With the click of the seatbelt, I turned toward William and smiled. “I really appreciate what you’re doing. I wouldn’t have known who to trust.”
“Allison, if anyone can fix that old car, it’ll be my buddy John. I’m glad I could point you in the right direction.” Pulling away from the curb, we began the trip back to my house.
The friendship we shared showed signs of blossoming into something more, and the prospect of spending the next thirty minutes together left me just a bit nervous. As we drove we made small talk. I struggled to hold up my end of the conversation, but William had no problem filling the void.
Before long our route led us through a familiar city and I jumped at the opportunity to contribute to the conversation. “Fairgrove… I lived here a long time ago.” Once I got started, the words wouldn’t stop, and before I knew it, I had related everything I remembered about my time there. “…I don’t remember where my house was-I was only five, but I’d love to find it some day. I do remember the little boy next door. His name was Clark Simpson, and he was stupid.” Before William could respond to my unexpected proclamation, I stated my case. “He ate dirt- I saw him! I told him he shouldn’t do that, but he just told me to leave him alone. So I did. That’s the only thing I remember about him, but I know he had a sister named Carol, and I remember they had a green wooden fence. ...There were balls on top…of the posts.” The flood of words trickled to a stop, giving way to the fear that my assessment of Clark’s intelligence might be considered inappropriate.
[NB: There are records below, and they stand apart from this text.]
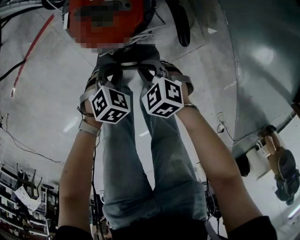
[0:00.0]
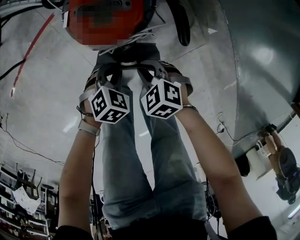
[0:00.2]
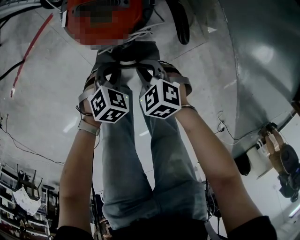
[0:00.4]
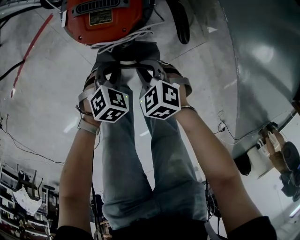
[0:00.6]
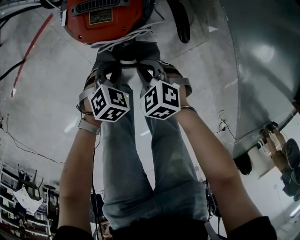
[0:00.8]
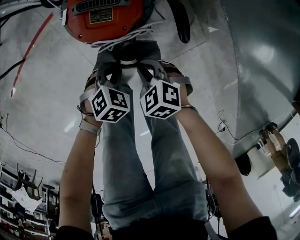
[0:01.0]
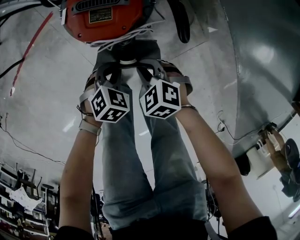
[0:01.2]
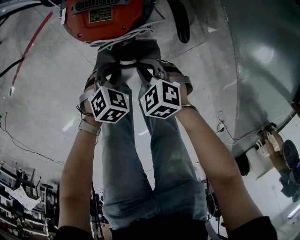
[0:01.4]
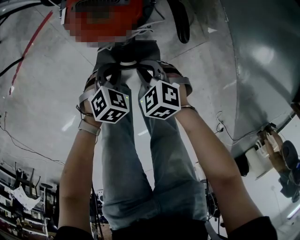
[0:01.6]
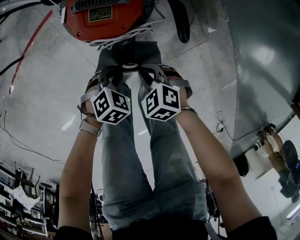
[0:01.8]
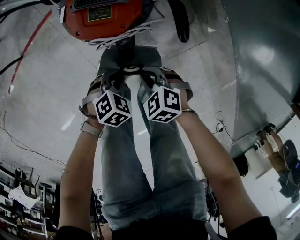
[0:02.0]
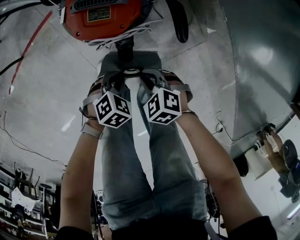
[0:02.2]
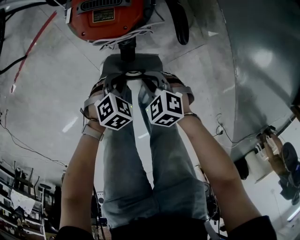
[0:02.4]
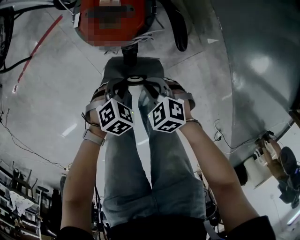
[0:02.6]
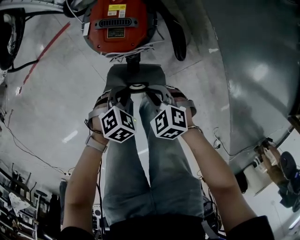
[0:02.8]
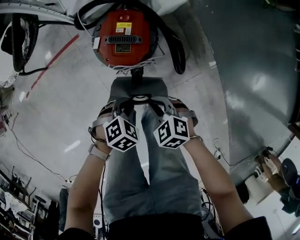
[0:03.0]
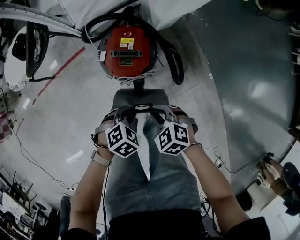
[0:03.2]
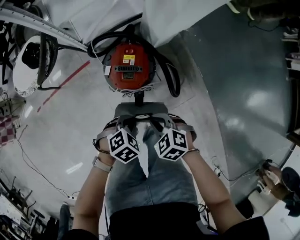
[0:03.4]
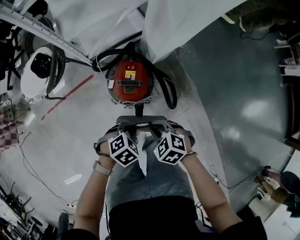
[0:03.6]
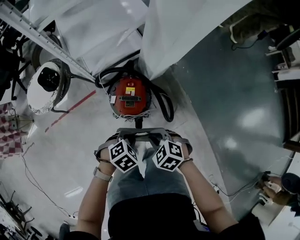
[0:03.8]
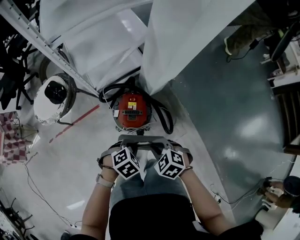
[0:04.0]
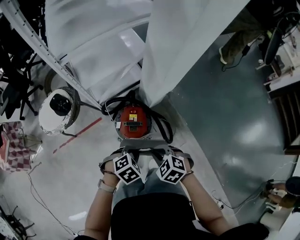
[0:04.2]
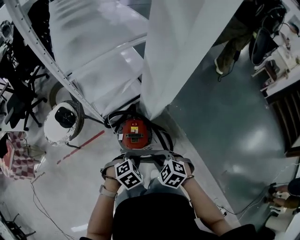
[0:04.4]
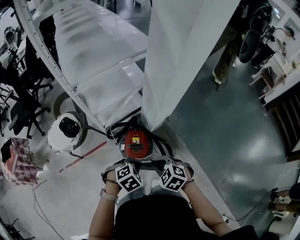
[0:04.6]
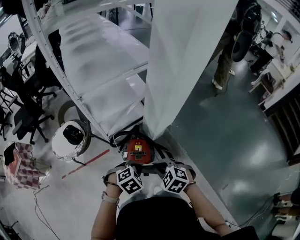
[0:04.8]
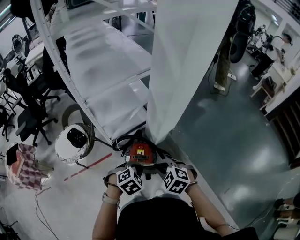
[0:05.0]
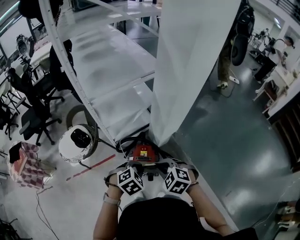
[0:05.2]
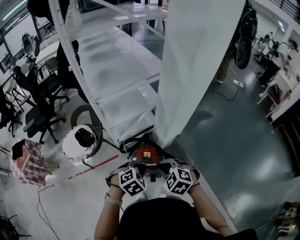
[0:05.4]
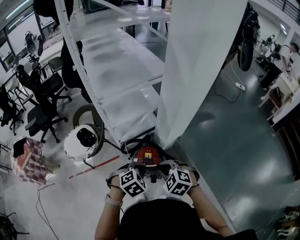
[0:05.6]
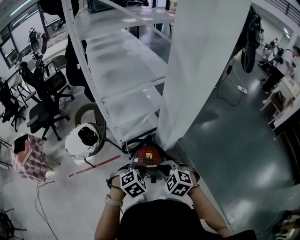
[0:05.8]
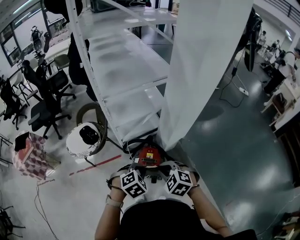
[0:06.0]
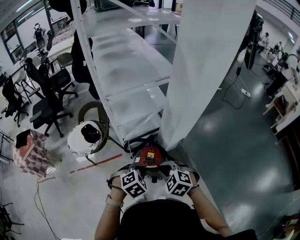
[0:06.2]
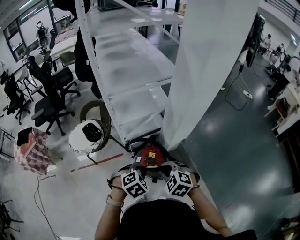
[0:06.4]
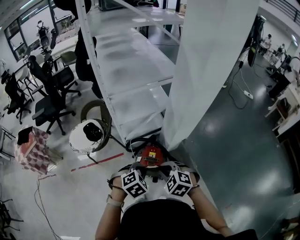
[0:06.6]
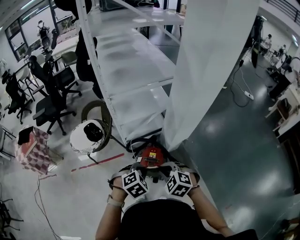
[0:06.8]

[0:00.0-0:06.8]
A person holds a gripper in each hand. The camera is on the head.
0:00.0 to 0:01.4: There are only small adjustments of the grippers.
0:01.4 to 0:02.8: The two grippers go some 10 cm upward.
0:02.8 to 0:04.0: Both grippers travel together upward, about 35 cm.
0:04.0 to 0:05.4: The grippers both shift upward by about 25 cm.
0:05.4 to 0:06.8: The grippers move only a little.

Heat slowly crept up my neck. The amused expression on William’s face relieved my fears.
“So, you remember Clark Simpson, huh?”
“Yes, that was his name. Isn’t it strange that I would remember him at all? I don’t think I even saw him except for the one time.”
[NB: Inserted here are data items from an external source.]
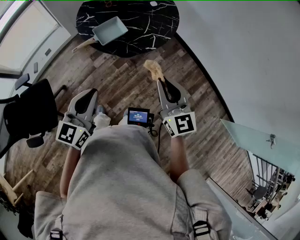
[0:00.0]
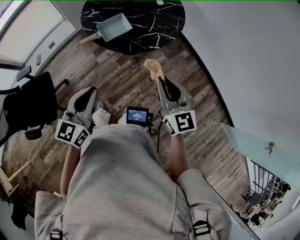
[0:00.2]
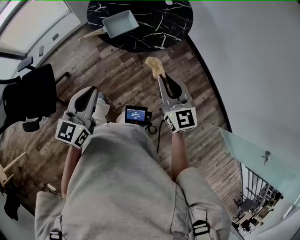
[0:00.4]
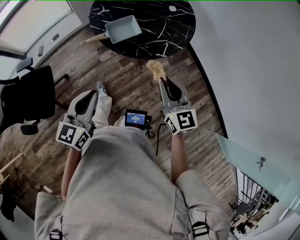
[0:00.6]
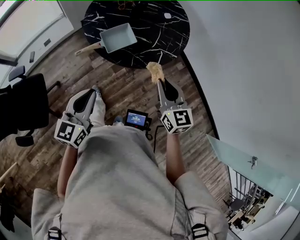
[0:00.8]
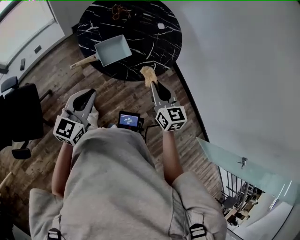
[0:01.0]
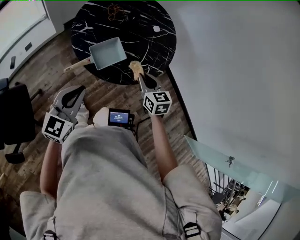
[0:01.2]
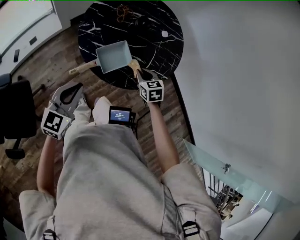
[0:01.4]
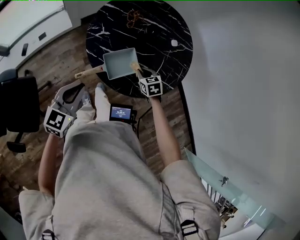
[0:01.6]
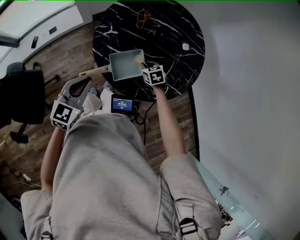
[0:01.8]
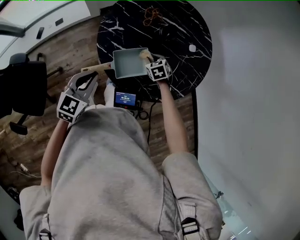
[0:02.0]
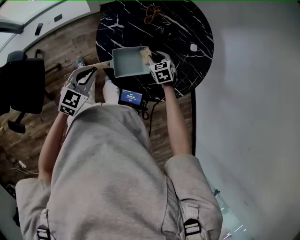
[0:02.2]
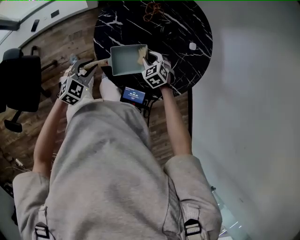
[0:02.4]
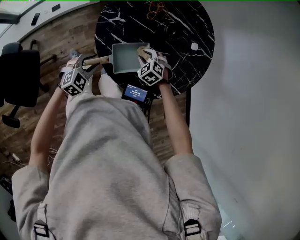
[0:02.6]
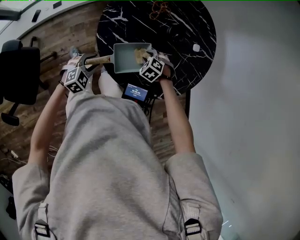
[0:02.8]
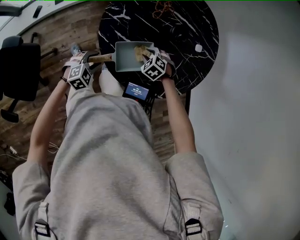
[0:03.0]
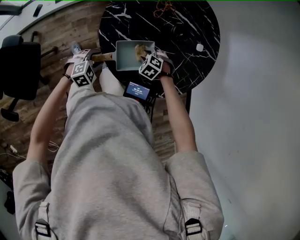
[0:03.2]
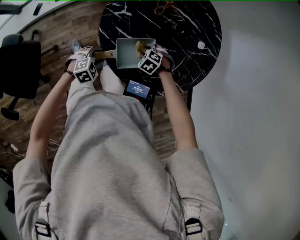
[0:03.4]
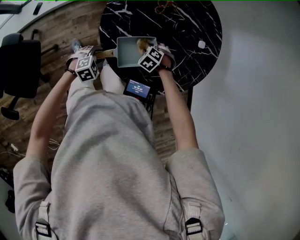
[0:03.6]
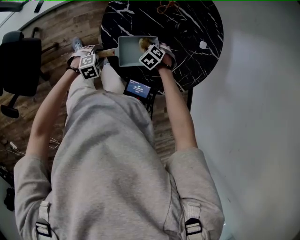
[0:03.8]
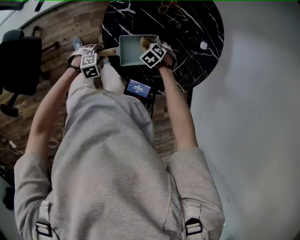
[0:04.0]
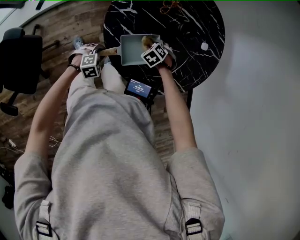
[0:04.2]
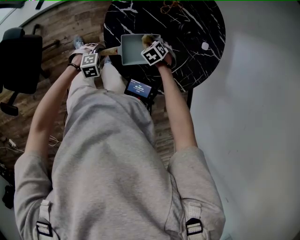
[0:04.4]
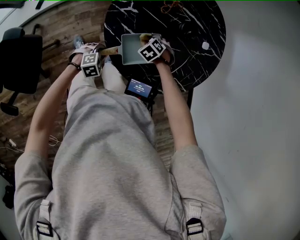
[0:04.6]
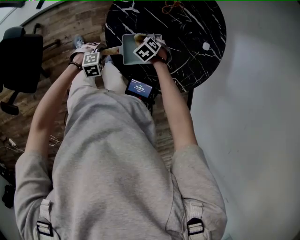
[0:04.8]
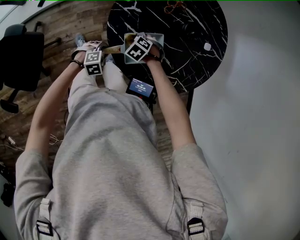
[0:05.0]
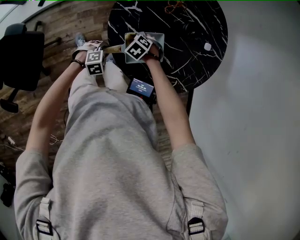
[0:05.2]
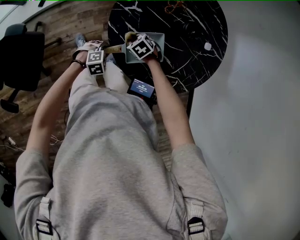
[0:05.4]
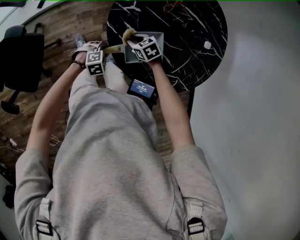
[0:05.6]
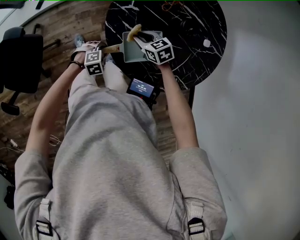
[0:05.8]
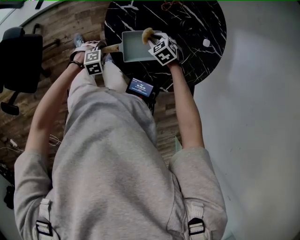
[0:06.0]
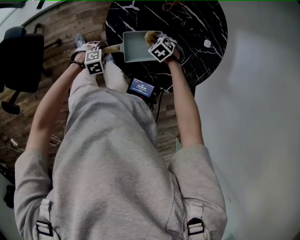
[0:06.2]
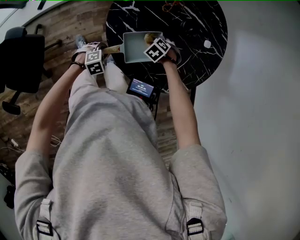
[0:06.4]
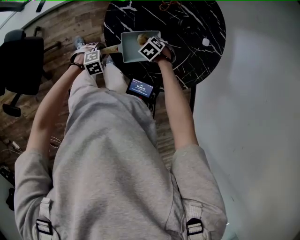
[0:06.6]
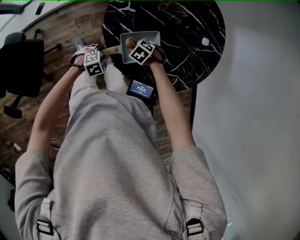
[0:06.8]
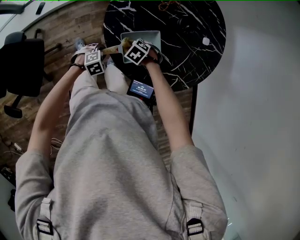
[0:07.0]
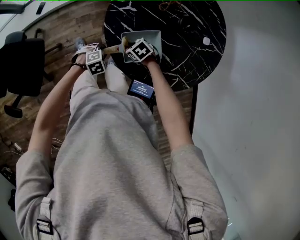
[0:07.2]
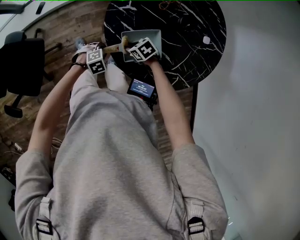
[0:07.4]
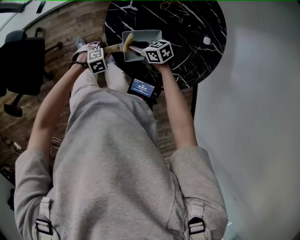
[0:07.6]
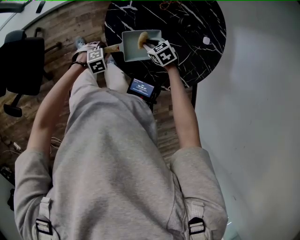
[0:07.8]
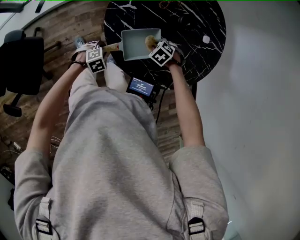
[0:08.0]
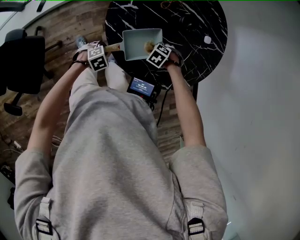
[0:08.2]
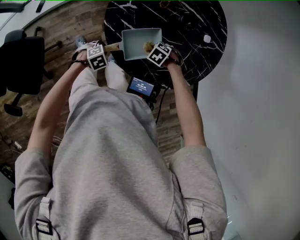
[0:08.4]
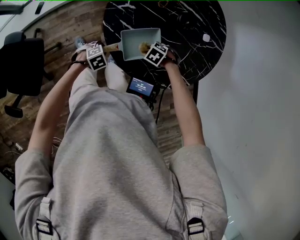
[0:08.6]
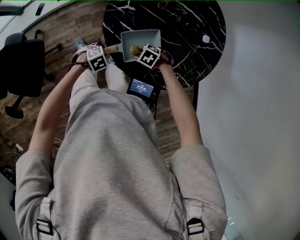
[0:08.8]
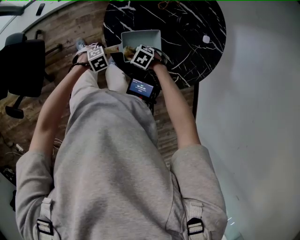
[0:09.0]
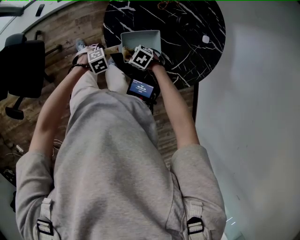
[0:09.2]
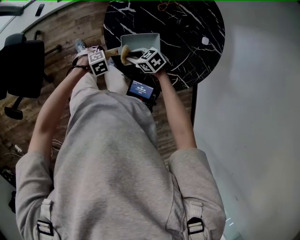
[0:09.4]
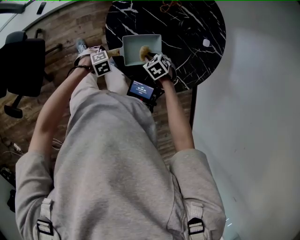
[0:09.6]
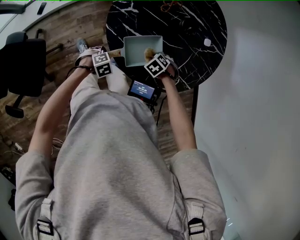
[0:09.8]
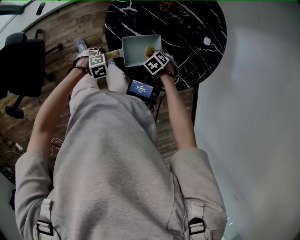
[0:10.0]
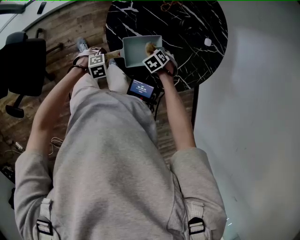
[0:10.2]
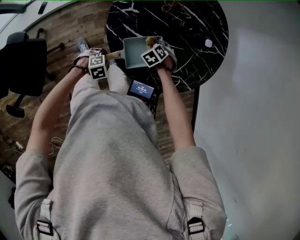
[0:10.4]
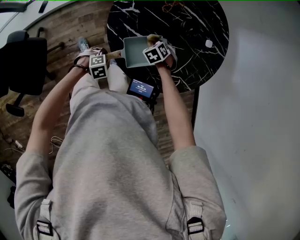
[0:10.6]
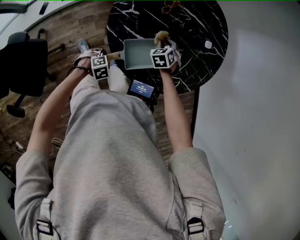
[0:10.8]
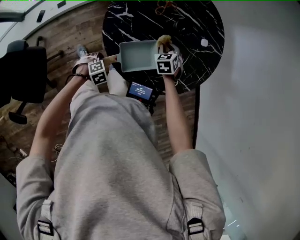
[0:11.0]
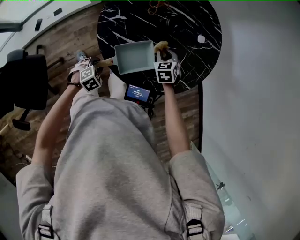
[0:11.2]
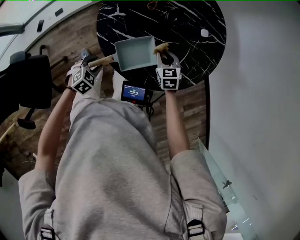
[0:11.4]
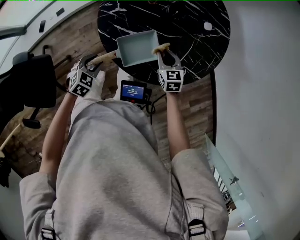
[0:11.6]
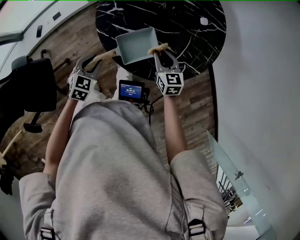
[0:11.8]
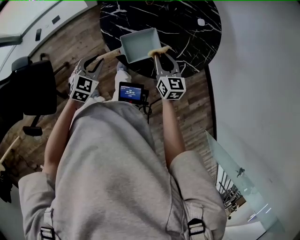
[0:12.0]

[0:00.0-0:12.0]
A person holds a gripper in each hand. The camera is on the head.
0:00.0 to 0:01.6: The left gripper heads forward and to the left, covering some 30 cm. Meanwhile the right gripper heads forward and downward, covering approximately 50 cm, and points its fingers approximately 50 degrees further downward.
0:01.6 to 0:03.0: The right gripper goes some 10 cm downward, rotates around the line of its fingers by some 50 degrees, counterclockwise from behind, and opens its fingers; the left gripper heads downward, covering some 25 cm, points its fingers some 30 degrees further downward, and opens.
0:03.0 to 0:04.4: The left gripper moves downward, approximately 5 cm, and closes.
0:06.0 to 0:07.6: The right gripper moves roughly 10 cm, and swivels some 40 degrees.
0:07.6 to 0:09.0: The right gripper tilts its fingers some 30 degrees downward.
0:09.0 to 0:10.4: The right gripper shifts by about 15 cm, and swivels some 30 degrees.
0:10.4 to 0:12.0: Both grippers move upward, approximately 20 cm. The right gripper tilts its fingers approximately 50 degrees upward, while the left gripper points its fingers roughly 30 degrees further upward.

With a slight shake of his head, William turned his attention back to the road and introduced another topic of conversation. It was a pleasant drive, and his friendly manner soon put me at ease. I tried not to think about my lack of discretion.
Several days later we headed back to pick up my car. By now, we both welcomed any excuse to spend time together, and the miles and the minutes passed unnoticed until William turned down a side street. It was obvious we weren’t in the right neighborhood and I turned toward him, questioning. With just the hint of a grin, he asked, “Allison, do you know where you are?”
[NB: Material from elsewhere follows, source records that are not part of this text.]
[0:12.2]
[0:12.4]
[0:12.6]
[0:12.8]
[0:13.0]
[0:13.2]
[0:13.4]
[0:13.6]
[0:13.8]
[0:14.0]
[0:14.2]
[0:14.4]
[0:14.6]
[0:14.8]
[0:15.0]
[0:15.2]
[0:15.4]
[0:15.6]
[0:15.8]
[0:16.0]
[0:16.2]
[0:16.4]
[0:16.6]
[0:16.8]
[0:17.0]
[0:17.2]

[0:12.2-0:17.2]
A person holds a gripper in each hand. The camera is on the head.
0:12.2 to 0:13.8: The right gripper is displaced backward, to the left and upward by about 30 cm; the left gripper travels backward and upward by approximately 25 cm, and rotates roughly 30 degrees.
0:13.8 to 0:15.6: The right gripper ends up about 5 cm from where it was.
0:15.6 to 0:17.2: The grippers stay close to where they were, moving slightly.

“I don’t think so…Should I? Nothing looks familiar.”
As I spoke, William pulled over in front of an old yellow bungalow. “Well, it has been a long time.” Pointing at the next house, he said, “That’s where Clark lived.”
“Clark who…? Do you mean Clark Simpson…? You knew Clark Simpson?” My surprise kept me from thinking clearly for a minute, but then it came to me. “Then this one is my old house…”
A smile spread across William’s face as he watched my delighted reaction to his surprise. “Yeah, I knew Clark. I lived in Fairgrove, too, when I was growing up. I spent a lot of happy hours inside that house. His mom was like a second Mother to me.”
Though I too was smiling, I couldn’t stop my mouth from hanging open. “You didn’t even say anything the other day…and I went on and on about Clark…” My excitement faded as I recalled my unfriendly remark.
“Oh, don’t let that bother you. Everybody that knew him felt the same way. He never changed, he just found more outrageous things to do, but we loved him anyway.”
Just that easily, William dismissed my mistake. My eyes sought his and I smiled my gratitude, but my heart timidly avowed “How sweet you are!”
Blinking, I turned for another look at the house that was the site of my earliest memories, realizing too, that a precious new memory had just been made. William’s sweet surprise did something to my heart that day. As we spent more time together we discovered many other similarities in our pasts. We also discovered a compatibility that drew our spirits close. Today, we look to the future with hopes of making many more memories together.